> **TASK DETAILS**
Every entry below is to be copied exactly as written.

=== Section Start ===

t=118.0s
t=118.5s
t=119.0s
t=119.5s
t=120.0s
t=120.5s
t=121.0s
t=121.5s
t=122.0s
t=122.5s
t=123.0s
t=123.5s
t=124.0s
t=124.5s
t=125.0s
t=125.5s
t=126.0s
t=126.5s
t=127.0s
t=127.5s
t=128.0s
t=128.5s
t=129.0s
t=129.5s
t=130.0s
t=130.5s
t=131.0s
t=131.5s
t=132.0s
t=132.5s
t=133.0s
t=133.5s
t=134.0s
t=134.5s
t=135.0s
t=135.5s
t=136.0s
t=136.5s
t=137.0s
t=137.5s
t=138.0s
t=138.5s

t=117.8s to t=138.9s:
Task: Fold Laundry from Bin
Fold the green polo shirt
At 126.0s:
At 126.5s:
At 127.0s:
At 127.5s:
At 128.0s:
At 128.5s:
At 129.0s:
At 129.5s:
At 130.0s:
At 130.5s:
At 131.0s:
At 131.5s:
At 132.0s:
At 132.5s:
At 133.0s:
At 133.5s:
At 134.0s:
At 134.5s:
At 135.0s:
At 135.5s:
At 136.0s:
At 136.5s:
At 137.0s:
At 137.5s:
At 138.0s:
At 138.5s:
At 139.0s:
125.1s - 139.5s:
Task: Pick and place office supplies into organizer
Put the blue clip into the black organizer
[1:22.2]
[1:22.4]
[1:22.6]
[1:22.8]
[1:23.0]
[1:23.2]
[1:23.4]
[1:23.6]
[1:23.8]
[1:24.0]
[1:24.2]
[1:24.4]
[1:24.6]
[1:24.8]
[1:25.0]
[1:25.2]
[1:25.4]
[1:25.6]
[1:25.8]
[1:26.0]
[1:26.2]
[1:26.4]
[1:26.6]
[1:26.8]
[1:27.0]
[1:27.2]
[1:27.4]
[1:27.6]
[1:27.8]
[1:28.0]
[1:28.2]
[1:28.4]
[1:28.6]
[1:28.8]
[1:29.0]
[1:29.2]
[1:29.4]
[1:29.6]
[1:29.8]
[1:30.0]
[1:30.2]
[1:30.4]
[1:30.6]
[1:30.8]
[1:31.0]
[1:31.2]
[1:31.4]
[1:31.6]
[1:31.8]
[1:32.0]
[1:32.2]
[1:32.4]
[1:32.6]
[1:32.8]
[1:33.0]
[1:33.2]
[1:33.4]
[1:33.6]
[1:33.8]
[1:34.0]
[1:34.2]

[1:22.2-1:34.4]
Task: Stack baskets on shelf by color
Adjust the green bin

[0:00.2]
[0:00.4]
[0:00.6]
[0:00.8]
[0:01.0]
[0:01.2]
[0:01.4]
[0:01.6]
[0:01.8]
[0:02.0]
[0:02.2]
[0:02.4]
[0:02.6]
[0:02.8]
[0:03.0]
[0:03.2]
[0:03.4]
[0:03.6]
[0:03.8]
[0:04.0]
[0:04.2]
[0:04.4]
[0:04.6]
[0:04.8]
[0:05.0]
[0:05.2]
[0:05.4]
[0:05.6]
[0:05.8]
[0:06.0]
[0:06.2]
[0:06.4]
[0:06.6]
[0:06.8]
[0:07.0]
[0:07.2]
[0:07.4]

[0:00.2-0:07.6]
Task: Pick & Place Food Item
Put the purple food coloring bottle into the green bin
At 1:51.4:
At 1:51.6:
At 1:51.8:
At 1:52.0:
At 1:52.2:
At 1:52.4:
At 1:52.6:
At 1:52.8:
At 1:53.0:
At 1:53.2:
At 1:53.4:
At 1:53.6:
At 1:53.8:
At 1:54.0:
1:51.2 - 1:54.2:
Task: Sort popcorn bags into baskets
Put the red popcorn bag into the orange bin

=== Section End ===

> **EXERCISE RESULT**
t=118.0s
t=118.5s
t=119.0s
t=119.5s
t=120.0s
t=120.5s
t=121.0s
t=121.5s
t=122.0s
t=122.5s
t=123.0s
t=123.5s
t=124.0s
t=124.5s
t=125.0s
t=125.5s
t=126.0s
t=126.5s
t=127.0s
t=127.5s
t=128.0s
t=128.5s
t=129.0s
t=129.5s
t=130.0s
t=130.5s
t=131.0s
t=131.5s
t=132.0s
t=132.5s
t=133.0s
t=133.5s
t=134.0s
t=134.5s
t=135.0s
t=135.5s
t=136.0s
t=136.5s
t=137.0s
t=137.5s
t=138.0s
t=138.5s

t=117.8s to t=138.9s:
Task: Fold Laundry from Bin
Fold the green polo shirt
At 126.0s:
At 126.5s:
At 127.0s:
At 127.5s:
At 128.0s:
At 128.5s:
At 129.0s:
At 129.5s:
At 130.0s:
At 130.5s:
At 131.0s:
At 131.5s:
At 132.0s:
At 132.5s:
At 133.0s:
At 133.5s:
At 134.0s:
At 134.5s:
At 135.0s:
At 135.5s:
At 136.0s:
At 136.5s:
At 137.0s:
At 137.5s:
At 138.0s:
At 138.5s:
At 139.0s:
125.1s - 139.5s:
Task: Pick and place office supplies into organizer
Put the blue clip into the black organizer
[1:22.2]
[1:22.4]
[1:22.6]
[1:22.8]
[1:23.0]
[1:23.2]
[1:23.4]
[1:23.6]
[1:23.8]
[1:24.0]
[1:24.2]
[1:24.4]
[1:24.6]
[1:24.8]
[1:25.0]
[1:25.2]
[1:25.4]
[1:25.6]
[1:25.8]
[1:26.0]
[1:26.2]
[1:26.4]
[1:26.6]
[1:26.8]
[1:27.0]
[1:27.2]
[1:27.4]
[1:27.6]
[1:27.8]
[1:28.0]
[1:28.2]
[1:28.4]
[1:28.6]
[1:28.8]
[1:29.0]
[1:29.2]
[1:29.4]
[1:29.6]
[1:29.8]
[1:30.0]
[1:30.2]
[1:30.4]
[1:30.6]
[1:30.8]
[1:31.0]
[1:31.2]
[1:31.4]
[1:31.6]
[1:31.8]
[1:32.0]
[1:32.2]
[1:32.4]
[1:32.6]
[1:32.8]
[1:33.0]
[1:33.2]
[1:33.4]
[1:33.6]
[1:33.8]
[1:34.0]
[1:34.2]

[1:22.2-1:34.4]
Task: Stack baskets on shelf by color
Adjust the green bin

[0:00.2]
[0:00.4]
[0:00.6]
[0:00.8]
[0:01.0]
[0:01.2]
[0:01.4]
[0:01.6]
[0:01.8]
[0:02.0]
[0:02.2]
[0:02.4]
[0:02.6]
[0:02.8]
[0:03.0]
[0:03.2]
[0:03.4]
[0:03.6]
[0:03.8]
[0:04.0]
[0:04.2]
[0:04.4]
[0:04.6]
[0:04.8]
[0:05.0]
[0:05.2]
[0:05.4]
[0:05.6]
[0:05.8]
[0:06.0]
[0:06.2]
[0:06.4]
[0:06.6]
[0:06.8]
[0:07.0]
[0:07.2]
[0:07.4]

[0:00.2-0:07.6]
Task: Pick & Place Food Item
Put the purple food coloring bottle into the green bin
At 1:51.4:
At 1:51.6:
At 1:51.8:
At 1:52.0:
At 1:52.2:
At 1:52.4:
At 1:52.6:
At 1:52.8:
At 1:53.0:
At 1:53.2:
At 1:53.4:
At 1:53.6:
At 1:53.8:
At 1:54.0:
1:51.2 - 1:54.2:
Task: Sort popcorn bags into baskets
Put the red popcorn bag into the orange bin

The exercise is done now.